The three-stage training strategy performs better than end-to-end training; progressive expansion effectively avoids modality conflicts.
With only 4B parameters, EarthDial outperforms larger models (e.g., EarthGPT), demonstrating that data quality + training strategy > model size.
Exhibits zero-shot/few-shot capabilities on novel tasks such as SAR vessel detection and methane plume detection.
The data fusion module for multispectral data is vastly superior to simple RGB conversion.

Highlights & Insights¶

First omni-modal remote sensing VLM: Supports RGB/SAR/multispectral/infrared + single-temporal/bi-temporal/multi-temporal + multi-resolution, offering a coverage far exceeding previous works.
Engineering value of the 11M instruction dataset: The dataset itself represents a major contribution, with triple filtering ensuring quality and LLM-assisted generation guaranteeing scale.
Lightweight design: Achieving state-of-the-art results with only 4B parameters (InternViT-300M + Phi-3-mini) underlines the importance of combining a compact model, high-quality data, and an optimal training strategy.

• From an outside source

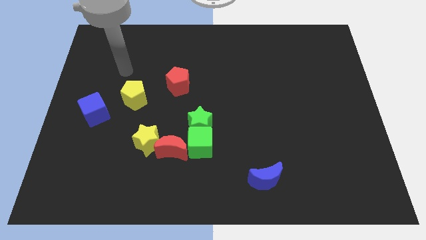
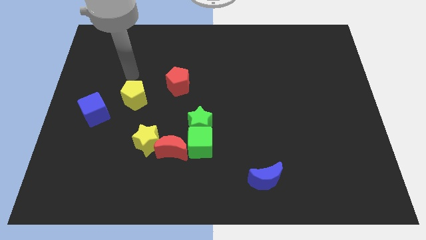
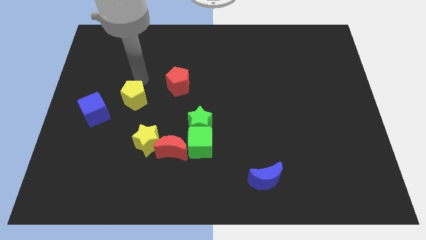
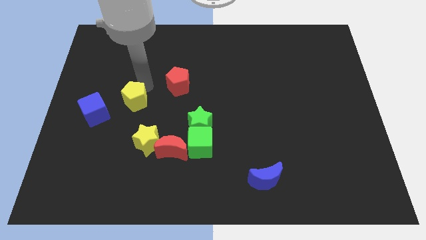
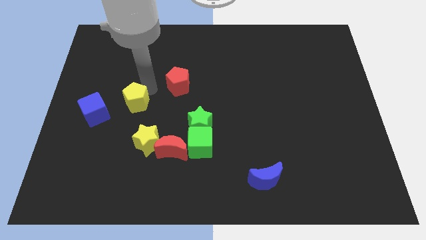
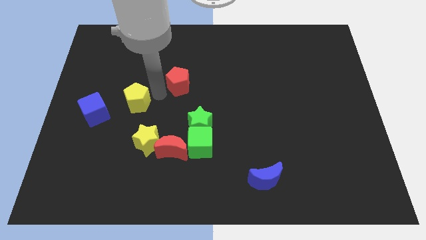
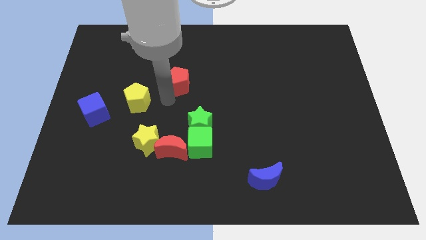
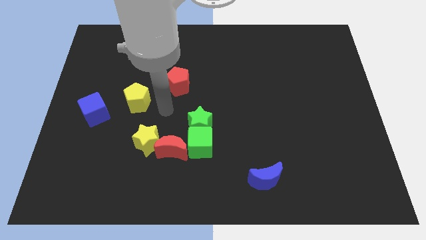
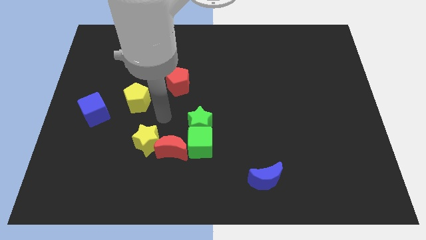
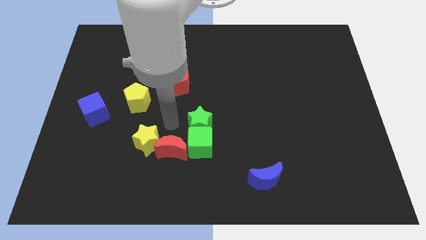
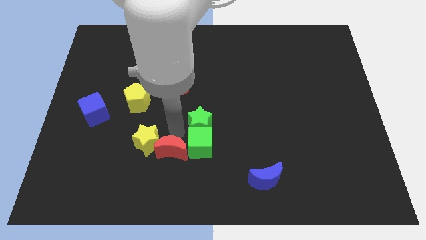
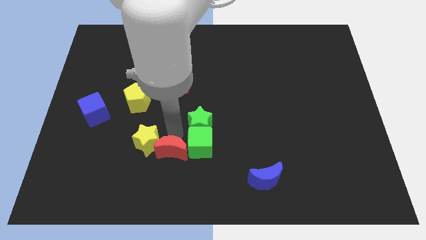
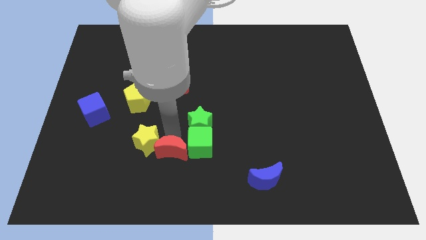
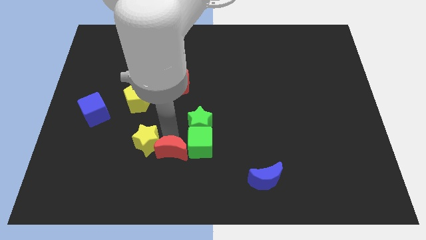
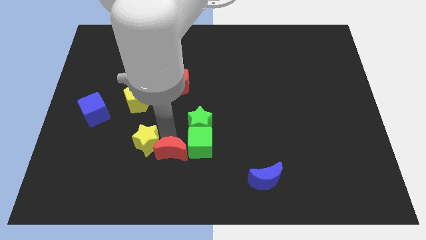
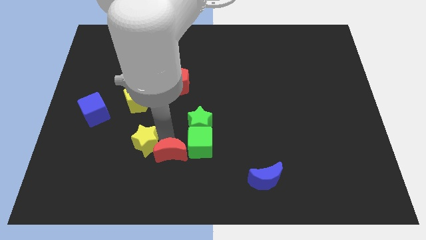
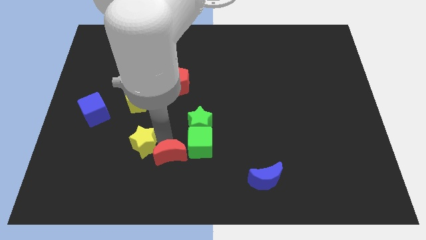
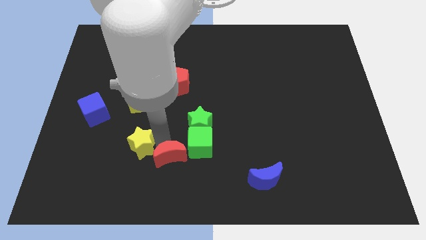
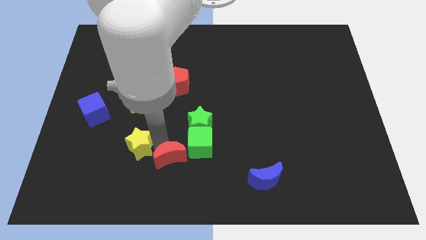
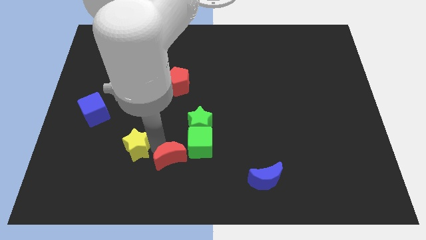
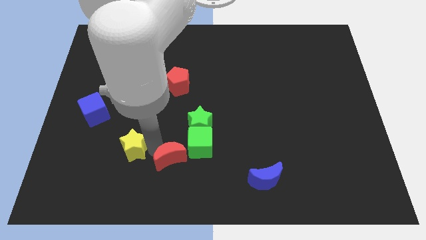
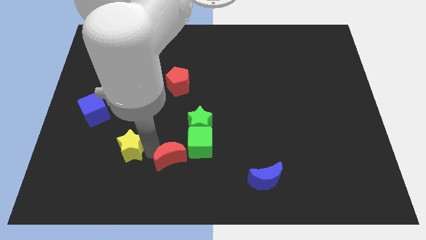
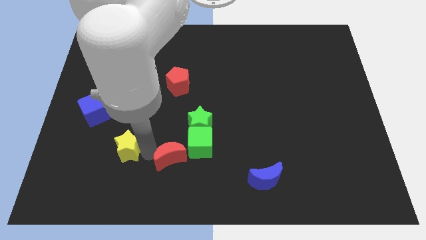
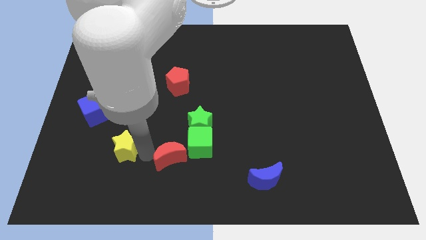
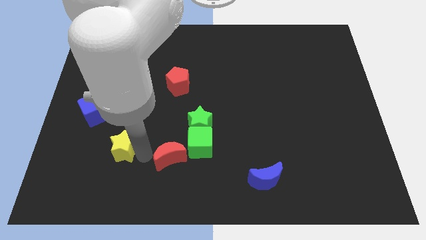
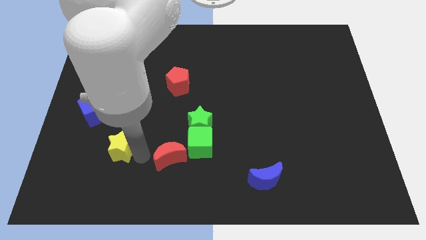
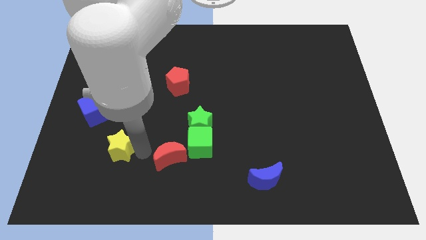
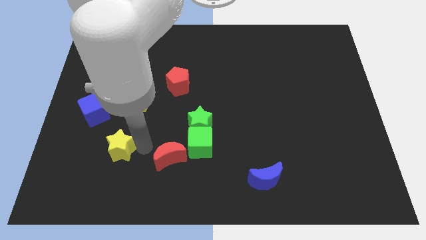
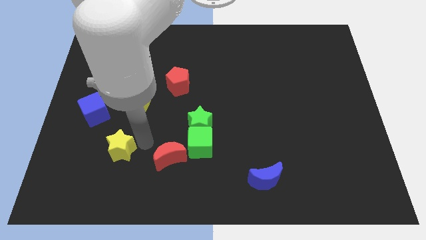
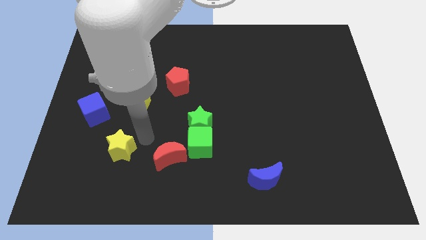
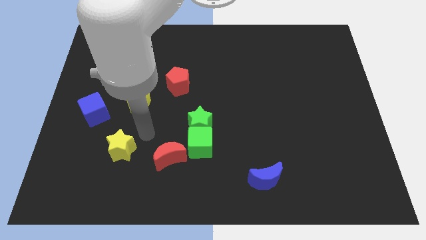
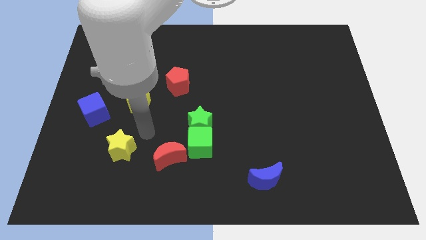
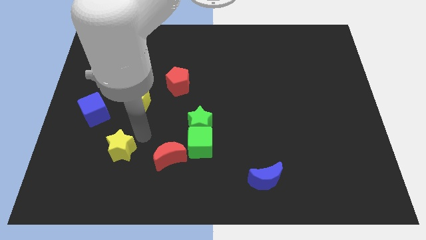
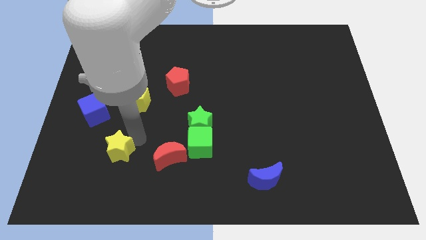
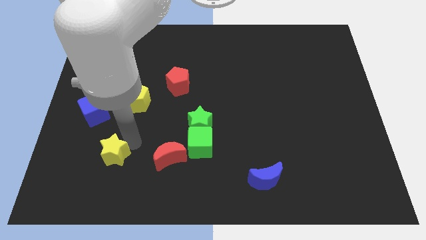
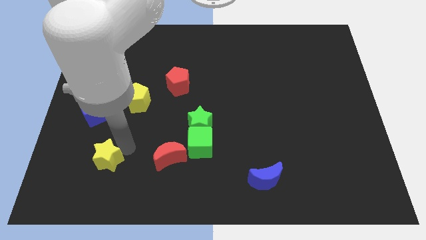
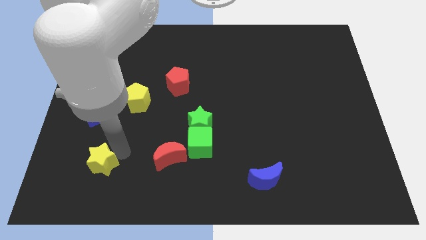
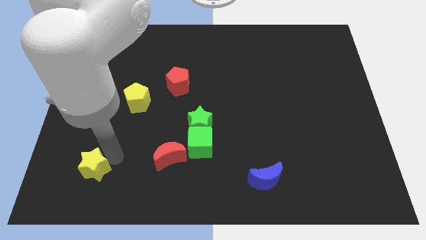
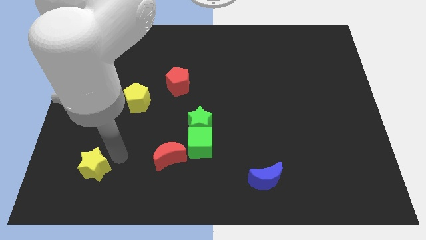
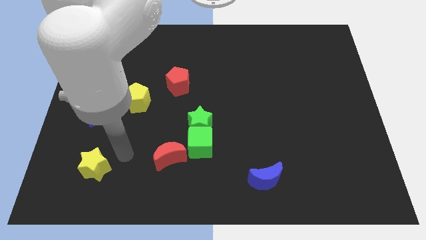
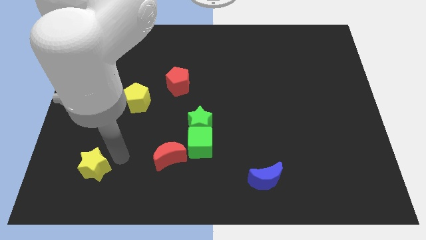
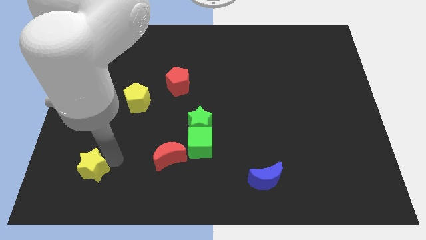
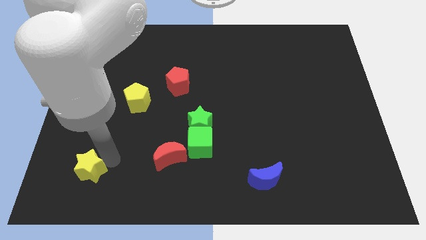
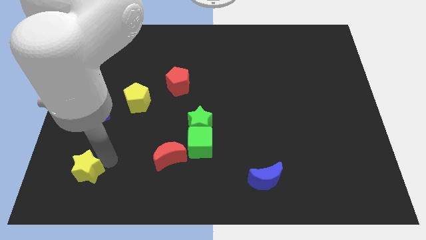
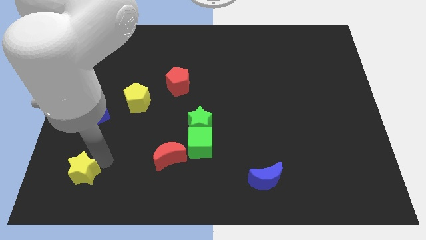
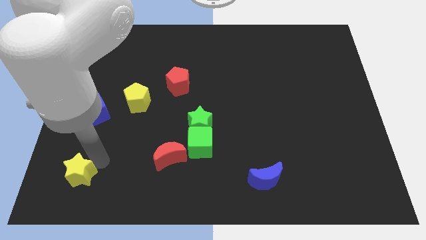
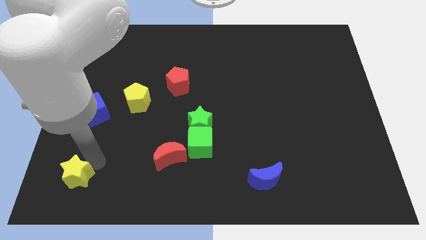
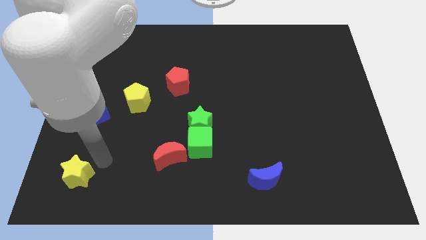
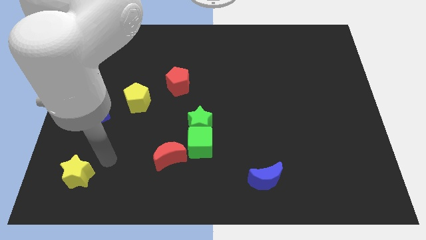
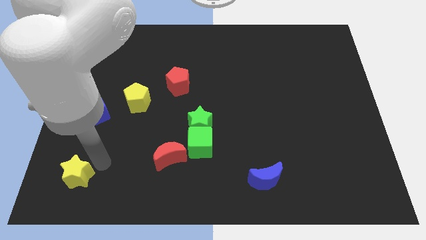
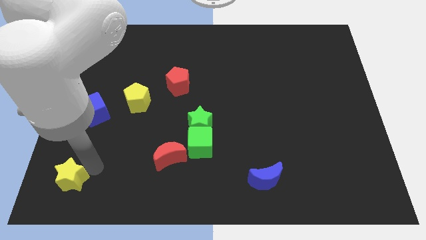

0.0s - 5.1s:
move the yellow star to the bottom left

Limitations & Future Work¶

The data fusion module is relatively simple (processing 3 channels sequentially and concatenating them); more fine-grained cross-band attention mechanisms could be designed.
The training data volume for multispectral/SAR data in Stage 3 (2.5M) is much smaller than the RGB data in Stage 1 (7.6M), which might lead to undertrained multispectral capabilities.
Most of the 44 evaluation datasets are focused on RGB tasks, leaving a low ratio of multispectral/SAR tasks.
Pixel-level segmentation output is not supported yet, with capabilities limited to box-level detection and textual descriptions.

vs GeoChat: GeoChat only supports high-resolution RGB, whereas EarthDial supports omni-modality. EarthDial improves average scene classification by 5-8%.
vs EarthGPT/MMRS: EarthGPT supports optical/SAR/infrared but lacks multispectral and multi-temporal features, whereas EarthDial provides comprehensive coverage.
vs SkyEyeGPT: Dataset size is 968K vs. 11.11M, with significantly wider task coverage.
Paves the way for broad application prospects in intelligent remote sensing analysis, disaster response, and environmental monitoring.

Rating¶

Novelty: ⭐⭐⭐⭐ First omni-modal remote sensing VLM, representing a systematic engineering innovation.
Experimental Thoroughness: ⭐⭐⭐⭐⭐ Comprehensive validation across 44 datasets.
Writing Quality: ⭐⭐⭐⭐ Clear and comprehensive.
Value: ⭐⭐⭐⭐⭐ Significant practical utility for the remote sensing community.